Значит ли это, что Алек Рапопорт был увлечен идеями столь модного ныне космизма и хотел сделать зримым то, что фигурирует сейчас под именем сверхчувственных космических энергий или иначе называемых таинственных вещей? Напомню, что мы говорим не о реальном физическом или, извольте, трансцендентном мире, мы говорим о  художественном универсуме, созданном вот этим творцом – даже если внутрикартинный мир выстроен так, что провоцирует продолжение себя за пределы рамы. Это не внешний мир вторгается в порядки художественного универсума, это художественный универсум выплескивается за собственные пределы, проектирует себя вовне, Следует время от времени напоминать себе мудрые слова Матисса – на замечание некой дамы, что у изображенной им одалиски слишком длинная спина, он возразил: «Мадам, это не женщина, это картина!»

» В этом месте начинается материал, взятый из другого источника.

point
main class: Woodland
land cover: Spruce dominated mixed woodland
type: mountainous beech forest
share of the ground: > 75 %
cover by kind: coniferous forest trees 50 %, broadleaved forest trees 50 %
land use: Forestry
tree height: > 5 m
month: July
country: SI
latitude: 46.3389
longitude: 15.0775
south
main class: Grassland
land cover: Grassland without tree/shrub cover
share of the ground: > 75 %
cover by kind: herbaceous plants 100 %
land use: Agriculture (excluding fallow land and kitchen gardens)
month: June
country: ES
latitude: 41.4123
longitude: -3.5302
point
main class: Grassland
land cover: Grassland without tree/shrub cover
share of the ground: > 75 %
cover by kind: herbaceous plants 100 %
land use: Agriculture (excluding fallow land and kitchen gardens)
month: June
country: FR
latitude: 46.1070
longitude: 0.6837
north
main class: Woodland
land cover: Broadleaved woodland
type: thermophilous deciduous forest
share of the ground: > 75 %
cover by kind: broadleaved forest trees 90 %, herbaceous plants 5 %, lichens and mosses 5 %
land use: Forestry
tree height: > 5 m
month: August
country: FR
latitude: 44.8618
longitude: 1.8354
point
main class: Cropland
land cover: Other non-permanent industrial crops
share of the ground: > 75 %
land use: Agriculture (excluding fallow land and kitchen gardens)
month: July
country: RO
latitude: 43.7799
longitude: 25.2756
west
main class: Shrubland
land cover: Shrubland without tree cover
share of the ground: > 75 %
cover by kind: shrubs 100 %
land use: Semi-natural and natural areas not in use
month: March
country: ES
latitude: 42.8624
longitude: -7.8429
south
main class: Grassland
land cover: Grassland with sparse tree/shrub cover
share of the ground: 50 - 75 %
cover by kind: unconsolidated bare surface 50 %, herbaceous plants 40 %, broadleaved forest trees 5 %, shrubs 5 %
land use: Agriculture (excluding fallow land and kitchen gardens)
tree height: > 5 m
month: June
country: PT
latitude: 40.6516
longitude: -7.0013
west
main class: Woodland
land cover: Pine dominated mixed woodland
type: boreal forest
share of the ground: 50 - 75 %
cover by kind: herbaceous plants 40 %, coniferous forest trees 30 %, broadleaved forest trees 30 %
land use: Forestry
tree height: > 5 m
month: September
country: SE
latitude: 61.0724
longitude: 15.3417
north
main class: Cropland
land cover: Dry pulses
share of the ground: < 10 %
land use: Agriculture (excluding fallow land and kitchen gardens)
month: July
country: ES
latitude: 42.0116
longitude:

Впрочем, нужды нет. Перед нами образы, вброшенные в культуру, покинутые автором на произвол зрителей и толкователей. Они теперь сами по себе и говорят нам лишь то, что мы там видим.

 

После всего сказанного было бы нетрудно с помощью двух-трех нехитрых софизмов перебросить мост от якобы бытовых сцен в Сан Франциско к тому, что составляет, на мой взгляд, самую сердцевину творчества Алека Рапопорта – к его религиозным композициям. Я этого делать не буду. Мне кажется, что его творческие идеи вовсе не были сфокусированы в одной точке, но разрастались подобно дереву – органически и свободно. Нет нужды подстригать живые ветки по правилам версальской геометрии.

Что было важнейшим стимулом для его религиозной живописи – европейское культурное наследие, которое он понимал как традицию средиземноморской иудео-христианской культуры, или персональная религиозность? Или и то, и другое?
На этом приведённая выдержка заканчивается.